Output the data in full and exactly as presented.

Stored dataset items
________________________

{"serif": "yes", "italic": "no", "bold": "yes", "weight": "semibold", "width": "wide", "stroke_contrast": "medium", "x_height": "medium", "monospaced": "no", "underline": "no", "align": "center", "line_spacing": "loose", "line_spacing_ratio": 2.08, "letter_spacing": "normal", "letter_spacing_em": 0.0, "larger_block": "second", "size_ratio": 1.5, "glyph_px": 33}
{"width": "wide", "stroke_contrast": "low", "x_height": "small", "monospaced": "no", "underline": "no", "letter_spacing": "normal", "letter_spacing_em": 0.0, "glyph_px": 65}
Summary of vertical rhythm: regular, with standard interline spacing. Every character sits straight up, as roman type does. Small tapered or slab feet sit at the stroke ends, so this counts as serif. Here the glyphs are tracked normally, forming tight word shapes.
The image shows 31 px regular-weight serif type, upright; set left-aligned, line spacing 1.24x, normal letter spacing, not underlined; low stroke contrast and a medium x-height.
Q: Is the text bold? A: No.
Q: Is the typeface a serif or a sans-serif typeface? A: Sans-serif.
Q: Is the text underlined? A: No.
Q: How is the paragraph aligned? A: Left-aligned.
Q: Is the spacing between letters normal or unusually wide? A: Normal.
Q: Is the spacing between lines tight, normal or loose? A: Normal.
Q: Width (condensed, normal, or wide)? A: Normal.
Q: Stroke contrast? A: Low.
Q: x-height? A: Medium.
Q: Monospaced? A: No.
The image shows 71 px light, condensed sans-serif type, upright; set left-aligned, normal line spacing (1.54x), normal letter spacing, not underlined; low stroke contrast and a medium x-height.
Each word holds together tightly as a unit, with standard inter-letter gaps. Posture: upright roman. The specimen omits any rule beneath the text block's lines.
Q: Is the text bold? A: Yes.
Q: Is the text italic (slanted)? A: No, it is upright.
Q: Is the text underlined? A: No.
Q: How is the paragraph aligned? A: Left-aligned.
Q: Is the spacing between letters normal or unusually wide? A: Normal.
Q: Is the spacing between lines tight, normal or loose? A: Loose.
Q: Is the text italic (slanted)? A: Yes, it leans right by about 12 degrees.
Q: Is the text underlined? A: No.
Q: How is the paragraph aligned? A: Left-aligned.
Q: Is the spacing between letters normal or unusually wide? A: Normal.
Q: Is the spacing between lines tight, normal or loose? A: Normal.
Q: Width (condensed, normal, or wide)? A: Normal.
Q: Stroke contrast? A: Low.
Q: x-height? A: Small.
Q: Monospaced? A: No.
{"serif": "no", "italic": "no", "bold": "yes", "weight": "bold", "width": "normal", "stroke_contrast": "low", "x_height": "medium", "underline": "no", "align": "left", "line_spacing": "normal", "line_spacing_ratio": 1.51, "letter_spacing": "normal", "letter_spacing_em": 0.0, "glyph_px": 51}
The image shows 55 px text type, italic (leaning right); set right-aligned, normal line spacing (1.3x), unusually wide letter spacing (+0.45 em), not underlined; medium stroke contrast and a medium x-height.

________________________

* _Your response_:
{"serif": "yes", "italic": "no", "bold": "yes", "weight": "semibold", "width": "wide", "stroke_contrast": "medium", "x_height": "medium", "monospaced": "no", "underline": "no", "align": "center", "line_spacing": "loose", "line_spacing_ratio": 2.08, "letter_spacing": "normal", "letter_spacing_em": 0.0, "larger_block": "second", "size_ratio": 1.5, "glyph_px": 33}
{"width": "wide", "stroke_contrast": "low", "x_height": "small", "monospaced": "no", "underline": "no", "letter_spacing": "normal", "letter_spacing_em": 0.0, "glyph_px": 65}
Summary of vertical rhythm: regular, with standard interline spacing. Every character sits straight up, as roman type does. Small tapered or slab feet sit at the stroke ends, so this counts as serif. Here the glyphs are tracked normally, forming tight word shapes.
The image shows 31 px regular-weight serif type, upright; set left-aligned, line spacing 1.24x, normal letter spacing, not underlined; low stroke contrast and a medium x-height.
Q: Is the text bold? A: No.
Q: Is the typeface a serif or a sans-serif typeface? A: Sans-serif.
Q: Is the text underlined? A: No.
Q: How is the paragraph aligned? A: Left-aligned.
Q: Is the spacing between letters normal or unusually wide? A: Normal.
Q: Is the spacing between lines tight, normal or loose? A: Normal.
Q: Width (condensed, normal, or wide)? A: Normal.
Q: Stroke contrast? A: Low.
Q: x-height? A: Medium.
Q: Monospaced? A: No.
The image shows 71 px light, condensed sans-serif type, upright; set left-aligned, normal line spacing (1.54x), normal letter spacing, not underlined; low stroke contrast and a medium x-height.
Each word holds together tightly as a unit, with standard inter-letter gaps. Posture: upright roman. The specimen omits any rule beneath the text block's lines.
Q: Is the text bold? A: Yes.
Q: Is the text italic (slanted)? A: No, it is upright.
Q: Is the text underlined? A: No.
Q: How is the paragraph aligned? A: Left-aligned.
Q: Is the spacing between letters normal or unusually wide? A: Normal.
Q: Is the spacing between lines tight, normal or loose? A: Loose.
Q: Is the text italic (slanted)? A: Yes, it leans right by about 12 degrees.
Q: Is the text underlined? A: No.
Q: How is the paragraph aligned? A: Left-aligned.
Q: Is the spacing between letters normal or unusually wide? A: Normal.
Q: Is the spacing between lines tight, normal or loose? A: Normal.
Q: Width (condensed, normal, or wide)? A: Normal.
Q: Stroke contrast? A: Low.
Q: x-height? A: Small.
Q: Monospaced? A: No.
{"serif": "no", "italic": "no", "bold": "yes", "weight": "bold", "width": "normal", "stroke_contrast": "low", "x_height": "medium", "underline": "no", "align": "left", "line_spacing": "normal", "line_spacing_ratio": 1.51, "letter_spacing": "normal", "letter_spacing_em": 0.0, "glyph_px": 51}
The image shows 55 px text type, italic (leaning right); set right-aligned, normal line spacing (1.3x), unusually wide letter spacing (+0.45 em), not underlined; medium stroke contrast and a medium x-height.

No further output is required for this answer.